Ask Father Tom: ‘The supper of the Lamb’

“The Priest genuflects, takes the host, and holding it slightly raised above the paten or above the chalice, while facing the people, says aloud: “Behold, the Lamb of God, behold him who takes away the sins of the world. Blessed are those called to the supper of the Lamb.”

By Father Tom Knoblach

So reads the Roman Missal as we prepare for Communion with the Body of Christ in the Eucharist.

Lent leads us to Holy Week and the Paschal Mystery. During the Eucharistic Revival, this familiar Mass text is worth a closer look.

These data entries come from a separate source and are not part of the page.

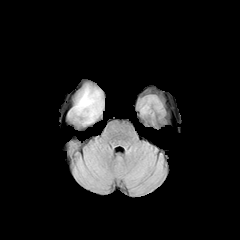
FLAIR MRI.
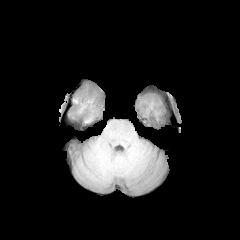
T1-weighted MRI.
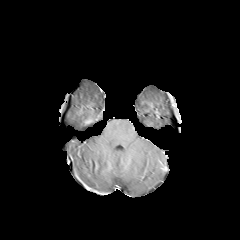
Post-contrast T1-weighted MRI.
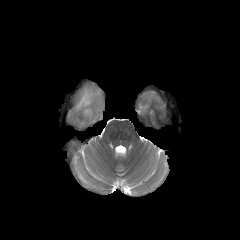
T2-weighted MR of the same slice.
non-enhancing tumor core: 78,106,96,121 | edema: 68,85,103,122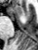

38x50 px; MR image

* anterior hippocampus: [7, 5, 22, 15]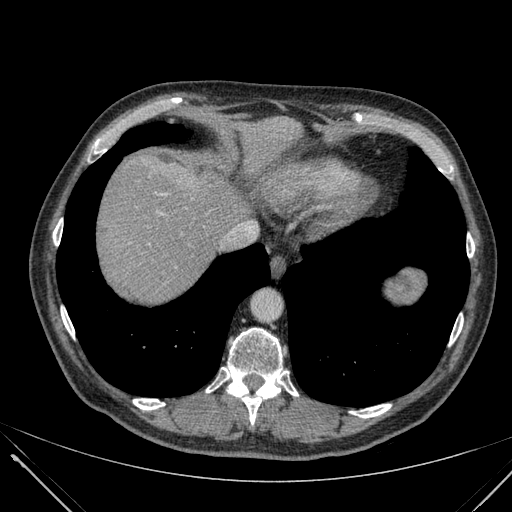 CT image
Liver: bounding box bbox(228, 116, 302, 174); bbox(97, 154, 265, 302).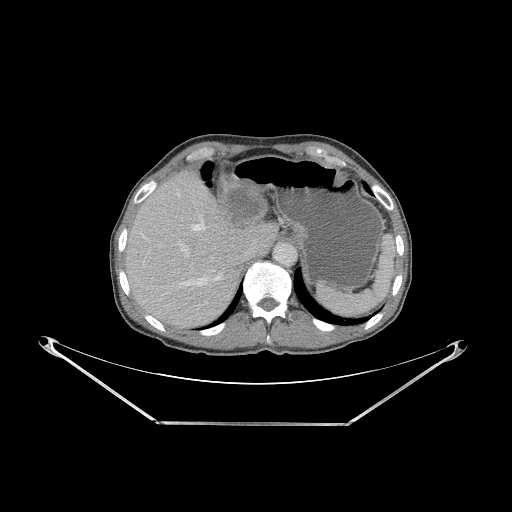 CT slice.
The hepatic lesion is located at left=226, top=188, right=258, bottom=228. 11 bone regions appear at left=134, top=185, right=153, bottom=202; left=313, top=319, right=333, bottom=330; left=119, top=272, right=129, bottom=294; left=393, top=275, right=401, bottom=295; left=373, top=187, right=393, bottom=209; left=119, top=229, right=126, bottom=250; left=146, top=315, right=164, bottom=330; left=244, top=262, right=290, bottom=322; left=396, top=235, right=403, bottom=254; left=365, top=314, right=382, bottom=328; left=201, top=324, right=224, bottom=335. The liver appears at left=126, top=170, right=277, bottom=327. 2 lung regions are bounded by left=211, top=287, right=242, bottom=325; left=294, top=271, right=370, bottom=325.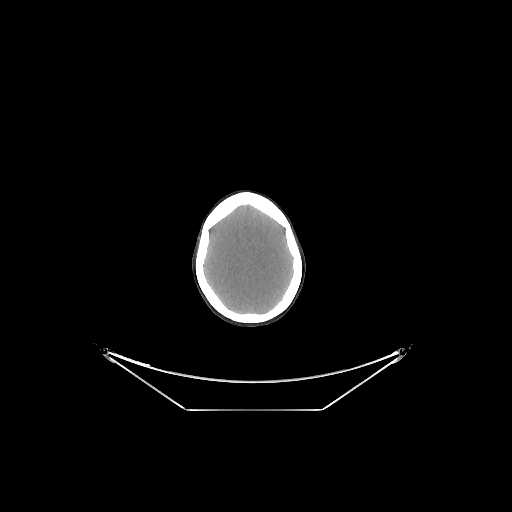
CT image

<segmentation>
  <brain>x1=203, y1=204, x2=293, y2=314</brain>
</segmentation>
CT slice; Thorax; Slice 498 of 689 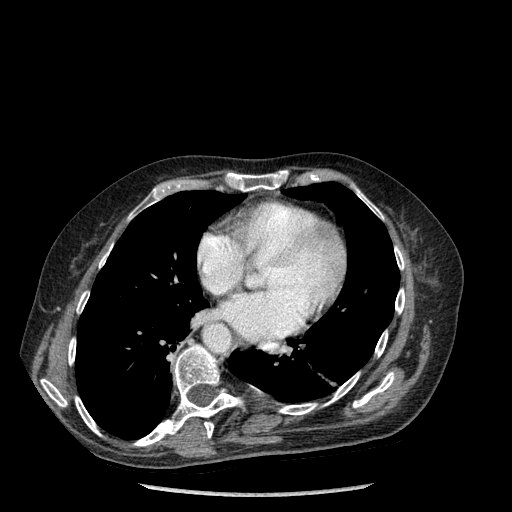
2 lung regions are located at (228,182,399,402), (75,190,243,439). 15 bone regions are bounded by (134,344,242,446), (227,170,288,191), (394,246,404,269), (279,372,359,414), (353,372,394,407), (375,330,387,356), (76,291,89,313), (352,185,383,219), (99,244,112,267), (395,288,404,313), (40,379,67,406), (128,188,160,219), (204,422,213,438), (68,338,75,365), (75,396,101,435).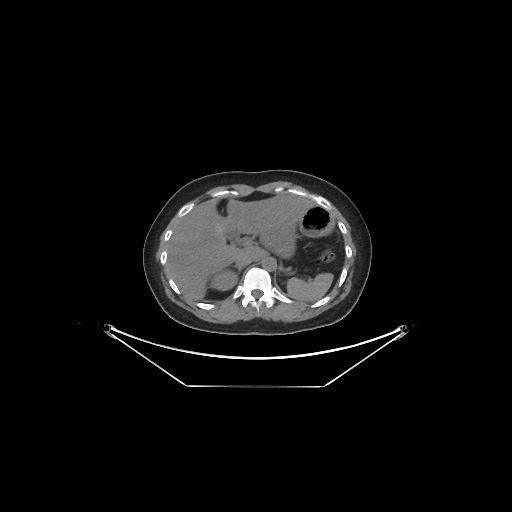 CT image | Liver

- kidney: bbox(213, 271, 237, 289)
- liver: bbox(331, 215, 342, 228); bbox(164, 194, 316, 298)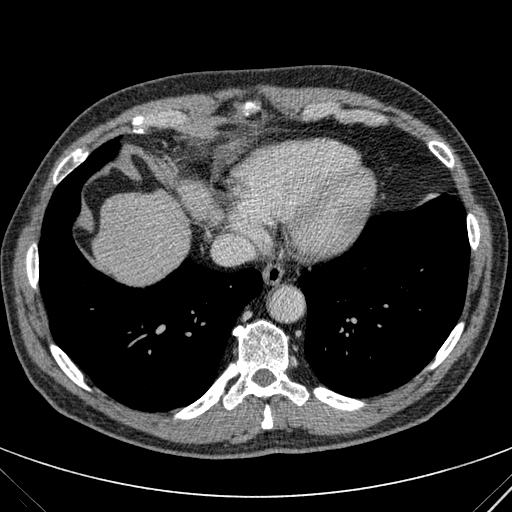

CT | Abdomen

Liver: {"x1": 94, "y1": 191, "x2": 190, "y2": 284}, {"x1": 177, "y1": 180, "x2": 222, "y2": 226}.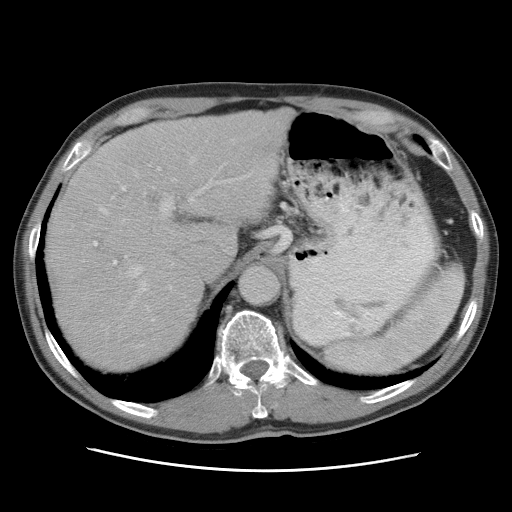 CT scan slice, Abdomen
The vessel boxes may cover only some of the vessels.
Annotated regions:
* hepatic vessel (most prominent 15 of 17): region(99, 207, 107, 214); region(157, 168, 159, 169); region(130, 281, 146, 308); region(129, 266, 142, 277); region(166, 214, 169, 215); region(93, 242, 97, 245); region(105, 328, 107, 330); region(125, 255, 127, 257); region(121, 186, 125, 190); region(189, 157, 194, 164); region(172, 179, 174, 181); region(163, 202, 169, 210); region(197, 174, 249, 194); region(151, 318, 154, 321); region(113, 260, 116, 264)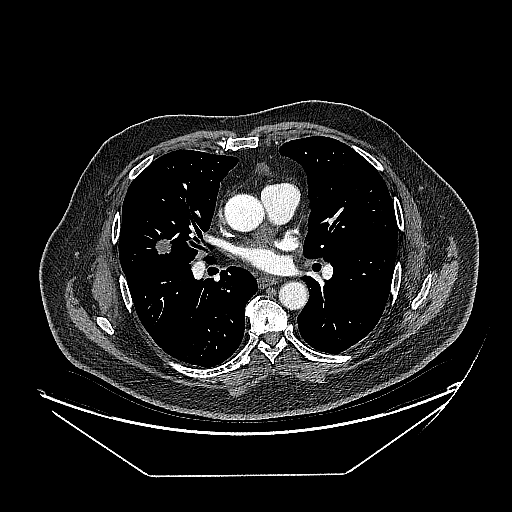
CT image
- lung tumor: box(154, 238, 175, 258)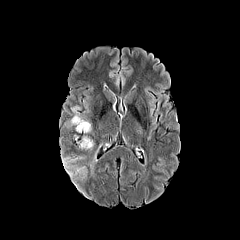
FLAIR MRI.
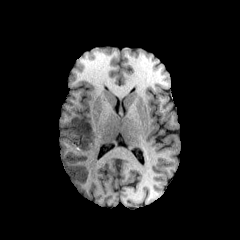
T1-weighted MRI.
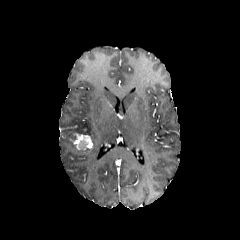
Same slice, post-contrast T1-weighted MR.
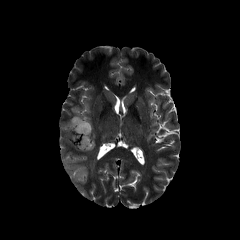
Same slice, T2-weighted MR image.
Brain.
Findings:
• edema: 89 145 100 173, 70 166 83 179, 67 106 91 134
• enhancing tumor: 71 133 92 150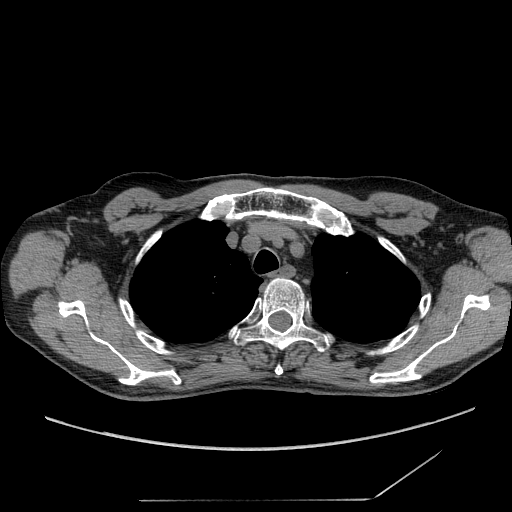

CT; 512x512; Chest

Findings:
• lung tumor: [141, 270, 151, 284]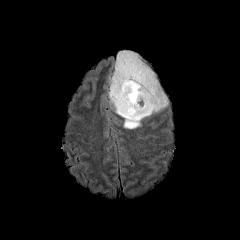
FLAIR magnetic resonance.
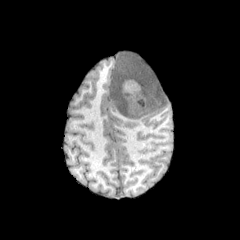
T1-weighted MR image of the same slice.
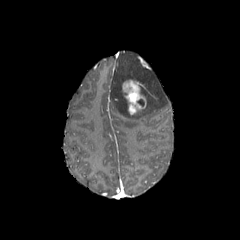
Post-contrast T1-weighted MR of the same slice.
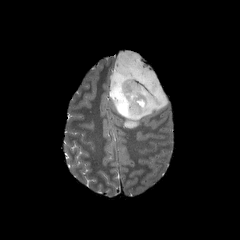
T2-weighted MRI.
240x240 px. Head.
<segmentation>
  <enhancing_tumor>bbox=[120, 78, 146, 115]</enhancing_tumor>
  <edema>bbox=[110, 52, 168, 129]</edema>
</segmentation>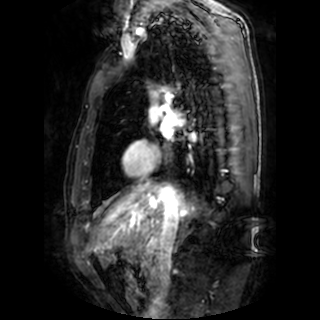 MRI slice; Cardiac
left_atrium:
  - bbox(162, 128, 171, 137)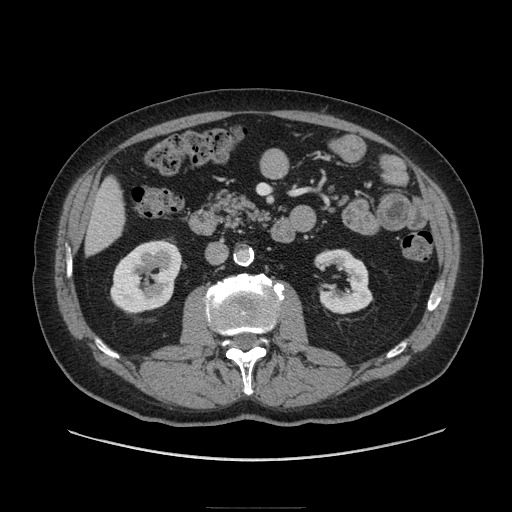 Computed tomography. Abdomen.
{
  "pancreas": [
    "213 189 269 230"
  ]
}
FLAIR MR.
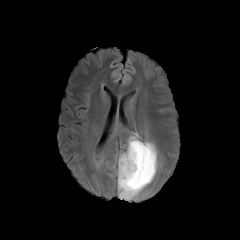
T1-weighted MR.
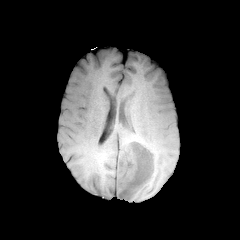
Post-contrast T1-weighted magnetic resonance.
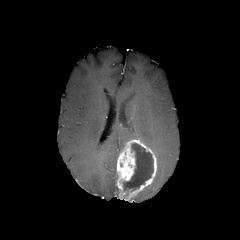
T2-weighted MR image.
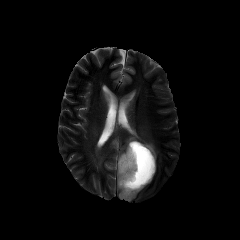
Image size 240x240
Enhancing tumor — 116 140 156 200.
Non-enhancing tumor core — 124 143 152 190.
Edema — 113 152 118 180, 126 128 158 167.

The two sentences in the invitation to look upon the Lamb of God are straight out of Scripture, though from importantly different sources. The first is from John the Baptist, whose mission was to point out the Messiah, the Anointed One. As the Gospel records, John the Baptist saw Jesus coming toward him and said: “Behold, the Lamb of God, who takes away the sin of the world.” And then the following day — significantly, the third day featured in this Gospel passage, a subtle reference to the Resurrection — two of John’s own disciples were with him, “and as he watched Jesus walk by he said, ‘Behold, the Lamb of God.’”

The title “Lamb of God,” of course, links to the Paschal lamb from the book of Exodus. The blood of this lamb was to mark the doorposts and lintel of the Israelites who partake of the flesh of the lamb, sparing them from the 10th plague on Egypt — the death of the firstborn in every household.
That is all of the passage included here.